I’m not sure I’ve ever posted about swimming on a day I haven’t swum, though I’m composing this on a train and outside my window is the Hudson, full of ice. I’ve been back from England for two weeks, and swam most days, and then I went to Bennington, Vermont, to deliver the commencement speech for the Bennington Writing Seminars commencement. For me, good swimming weather is the same thing as good sleeping weather: chilly, with a chance of coziness, dark, quiet.
I never made it back to the very cold pools of Hampstead Heath, though two mornings I put on my bathing suit before balking. On New Year’s Day, I got all the way to the big intersection before the Heath, where it was colossally windy, and the road was closed to cars with police tape and a police car. I took myself right back to bed. In some arenas I am proud of my endurance, but I am not so fond of experiences in which I am thinking I am enduring this. I think I could get to love very cold short-term swimming, but never as much as longer merely chilly swims.
Probably I haven’t posted here because I was working on my commencement speech, a task I found confoundingly hard at our historical moment. Dear Graduates, Welcome to the future! I kept typing the same sentences over and over again. Finally I pulled it together, and included this line:
In November of 2020, I started swimming every morning before sunrise, sometimes through sunrise, at the vast swimming outdoor pool in the middle of Austin, Barton Springs, which is a spring-fed 68 degrees year round. I still swim there most mornings, if I’m in Austin. I mention this because ever since I started, it has been my policy to brag about it to the most people I can whenever the opportunity presents itself.
I was polite enough not to make my swimming the entire topic of my speech, which was at least partly about the inner life, our most important territory, and how at least one of the things I love about the pool is that it is where I can always find my inner life. Even if some annoyance tries to come muscling in, I can dismiss it. Despite all my occasional complaints about the other actual people in the pool when I’m there, I also love them: they are, for those 50 minutes, my colleagues and beloveds, the people I want to think about.
I have seen little skirtling raccons in the dark at Barton Springs lately. Last week two hardy swimmers came at me in diagonally, in tandem, and I couldn’t figure out how to evade them. Catastrophe, catastrophe! I thought. Then somehow, out of luck or surprise nimbleness on my part or divine intervention (probably not divine intervention; God has other worries) I managed to thread the needle and angle myself and swim between them. I felt exhilarated, grateful.

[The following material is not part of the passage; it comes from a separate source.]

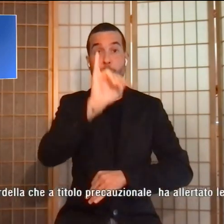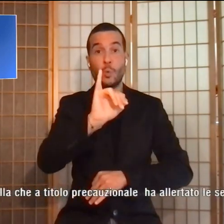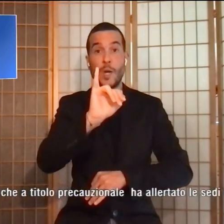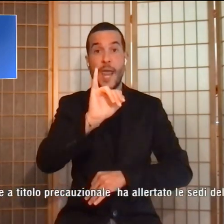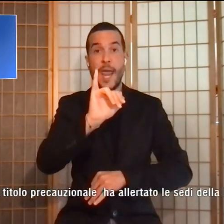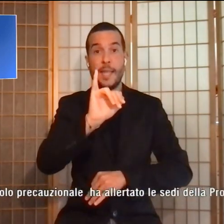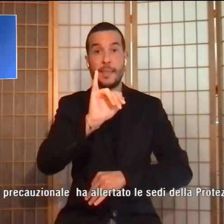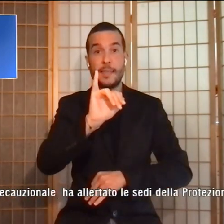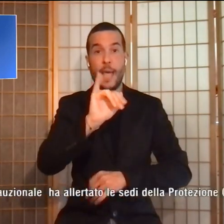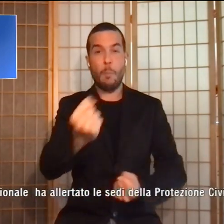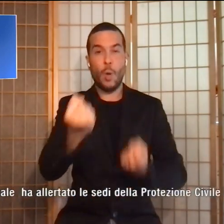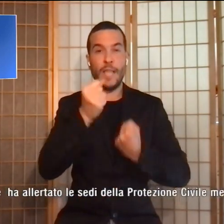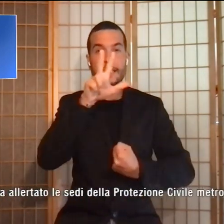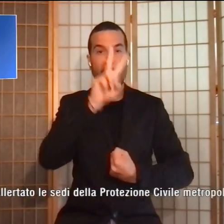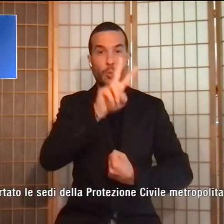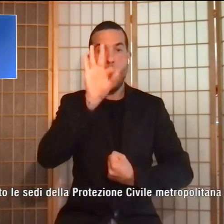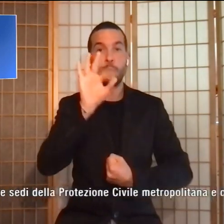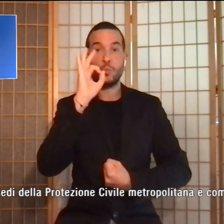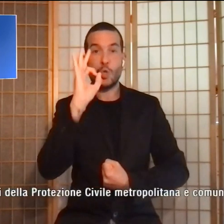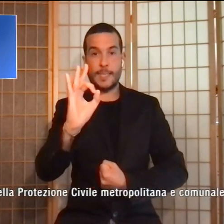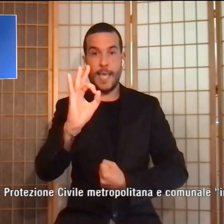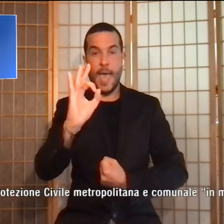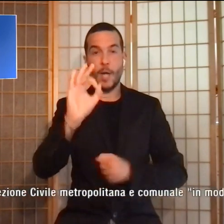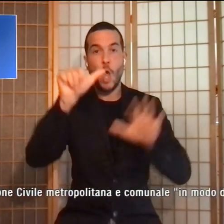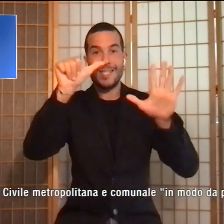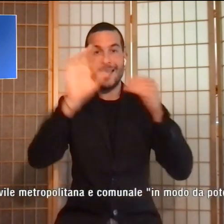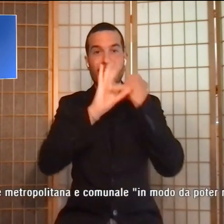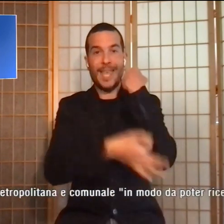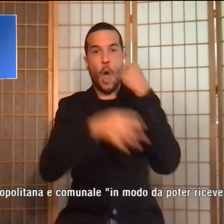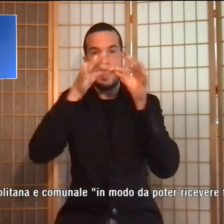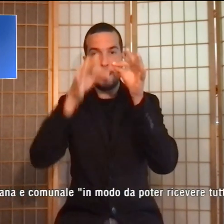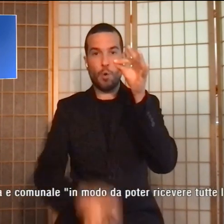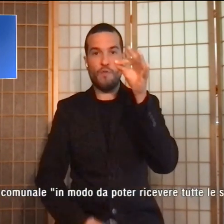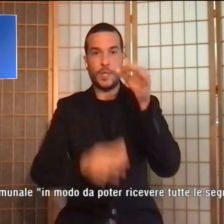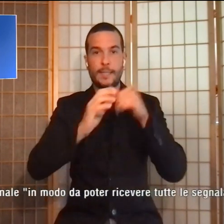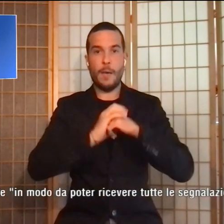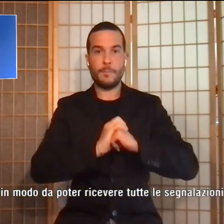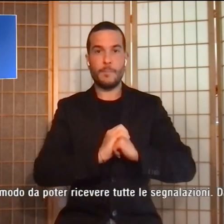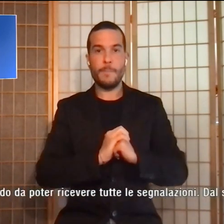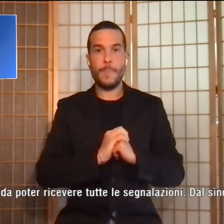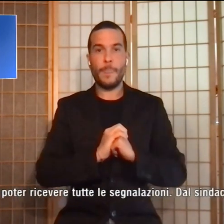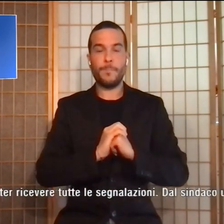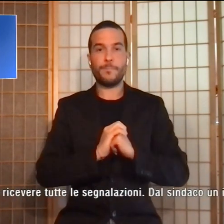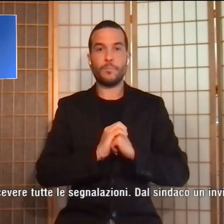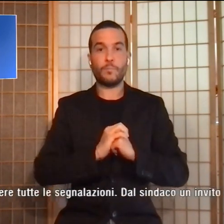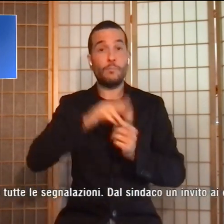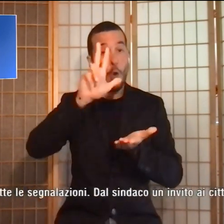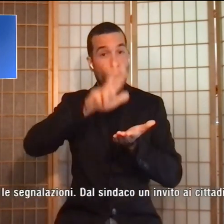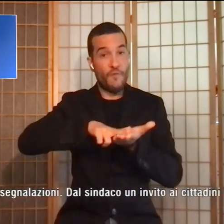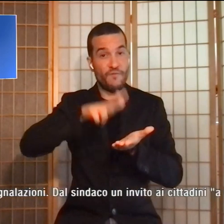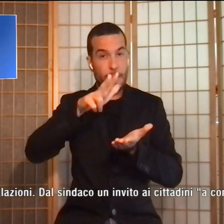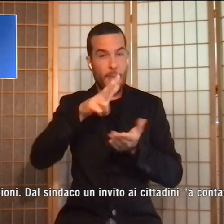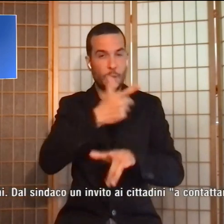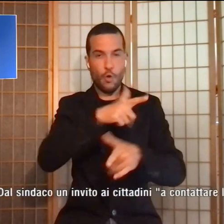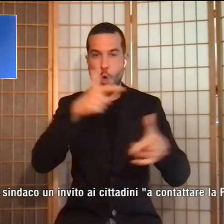2.0 a 6 chilometri di profondità. È confermata l'assenza di danni a persone o

May we all thread as many such needles as possible in the coming days, months, and years; may we be mindful of our beloved strangers swimming around us.
Elizabeth, I was in a pub by Hampstead Heath on New year's Day when a bus crashed into it. That's why the road was closed off! Inside the pub, it was the most English response ever. No evacuation, everyone carried on as before. Mulled wine, anyone?
Thank you for your lovely writing!
Great metaphor. May we have the nimbleness and universe's grace to thread the needle and evade/avoid whatever catastrophe! catastrophe!(s) may loom in the next few years. And thanks for the word skirtling.